StripiestSocks Sat 26-Jan-13 12:45:34

It has been proven the biggest single factor influencing learning outcomes is class sizes, they do not cover the ground in a class that they do in small groups.

ShipwreckedAndComatose Sat 26-Jan-13 12:50:44

I was a teacher, I know how little can be achieved in a week!

With due respect, it's a poor teacher who achieves little in a week and my DC's have had a much more positive experience than you express in your time as a teacher.

You talk about cheap shots but personally I find this comment and your comment about 'office fodder' very cheap too.

Shall we stick to trying to help the op?

StripiestSocks Sat 26-Jan-13 12:52:25

I have to say for me personally, the best thing about school was the time I spent with friends and I would expect most kids to say the same. Because that is what school has going for it - there are loads of kids to entertain you in the massive boring bits between the tiny pieces of learning.

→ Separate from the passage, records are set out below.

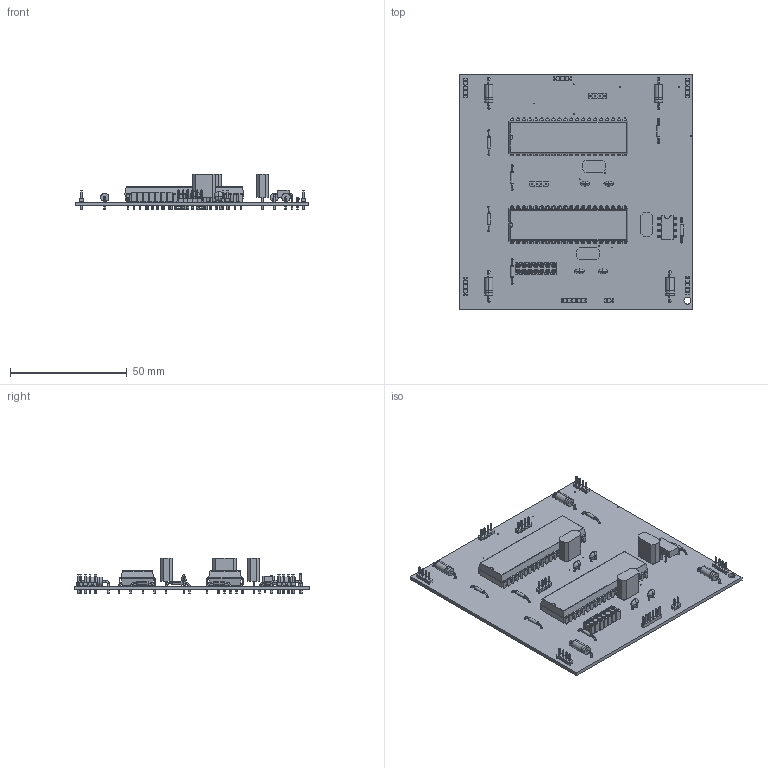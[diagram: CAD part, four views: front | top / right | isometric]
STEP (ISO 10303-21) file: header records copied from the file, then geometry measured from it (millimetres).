
FILE_DESCRIPTION(('PCB Model'),'2;1');
FILE_NAME('Self_Car.STEP','2018-06-21T23:23:14',( 'Hassan'),('Unspecified'),'Open CASCADE STEP processor 6.8', 'Proteus','Unknown');
FILE_SCHEMA(('CONFIG_CONTROL_DESIGN','SHAPE_APPEARANCE_LAYER_MIM'));
Length unit declared in the file: millimetre
Products named in the file (105): Open CASCADE STEP translator 6.8 1; Layer_1; PIC16F877A-CONTROL; Open CASCADE STEP translator 6.8 1.2.1; Body_1; PIC16F877ACONNECTION; Open CASCADE STEP translator 6.8 1.3.1; C1; Open CASCADE STEP translator 6.8 1.4.1; Pin_1; Pin_2; C2; C3; C4; FR_LED; Open CASCADE STEP translator 6.8 1.8.1; FL_LED; Open CASCADE STEP translator 6.8 1.9.1; BR-LED; Open CASCADE STEP translator 6.8 1.10.1; BL-LED; Open CASCADE STEP translator 6.8 1.11.1; FS; Open CASCADE STEP translator 6.8 1.12.1; M22-201_ASM|Next_assembly_relationship;M22-201-MOULD; M22-201_ASM|Next_assembly_relationship;M22-201-PIN; FLS; Open CASCADE STEP translator 6.8 1.13.1; FRS; Open CASCADE STEP translator 6.8 1.14.1; BRS; Open CASCADE STEP translator 6.8 1.15.1; BLS; Open CASCADE STEP translator 6.8 1.16.1; GPS; Open CASCADE STEP translator 6.8 1.17.1; MOTOR; Open CASCADE STEP translator 6.8 1.18.1; Pin_3; Pin_4 ...
Assembly tree (148 placements, depth 5):
  Open CASCADE STEP translator 6.8 1
    Layer_1
    PIC16F877A-CONTROL
      Open CASCADE STEP translator 6.8 1.2.1
        Body_1
    PIC16F877ACONNECTION
      Open CASCADE STEP translator 6.8 1.3.1
        Body_1
    C1
      Open CASCADE STEP translator 6.8 1.4.1
        Body_1
        Pin_1
        Pin_2
    C2
      Open CASCADE STEP translator 6.8 1.4.1
        Body_1
        Pin_1
        Pin_2
    C3
      Open CASCADE STEP translator 6.8 1.4.1
        Body_1
        Pin_1
        Pin_2
    C4
      Open CASCADE STEP translator 6.8 1.4.1
        Body_1
        Pin_1
        Pin_2
    FR_LED
      Open CASCADE STEP translator 6.8 1.8.1
        Body_1
          (unnamed)
          (unnamed)
          (unnamed)
          (unnamed)
          (unnamed)
          (unnamed)
          (unnamed)
          (unnamed)
          (unnamed)
    FL_LED
      Open CASCADE STEP translator 6.8 1.9.1
        Body_1
          (unnamed)
          (unnamed)
          (unnamed)
          (unnamed)
          (unnamed)
          (unnamed)
          (unnamed)
          (unnamed)
          (unnamed)
    BR-LED
      Open CASCADE STEP translator 6.8 1.10.1
        Body_1
          (unnamed)
          (unnamed)
          (unnamed)
          (unnamed)
          (unnamed)
Bounding box: 100 x 100.9 x 15.4 mm (x, y, z)
Volume: 26961.2 mm3; surface area: 31742 mm2
Topology: 133 solids, 133 shells, 3785 faces, 9479 edges, 5768 vertices
Faces by surface type: plane 1413, bspline 968, cylinder 870, cone 280, sphere 174, torus 68, extrusion 12
Entity records: 81274 total; most frequent: CARTESIAN_POINT 11990, DIRECTION 10596, ORIENTED_EDGE 10278, EDGE_CURVE 5139, AXIS2_PLACEMENT_3D 3766, VERTEX_POINT 3234, VECTOR 3064, LINE 3062

StripiestSocks Sat 26-Jan-13 12:56:27

I did not achieve comparatively little, I was not doing worse than others, but if you cut a class to six you get more done. This is one of the key reasons why private education outstrips state.

marriedinwhite Sat 26-Jan-13 12:59:52

We live in zone 2 OP - not quite inner City. Our DC went to the local church school. They have very fond memories of it. The tests weren't in their faces at all; the teachers were, on the whole lovely, and usually the dc had a brilliant day. Of course, sometimes they had a bad day; but not usually over much and I have bad days too sometimes.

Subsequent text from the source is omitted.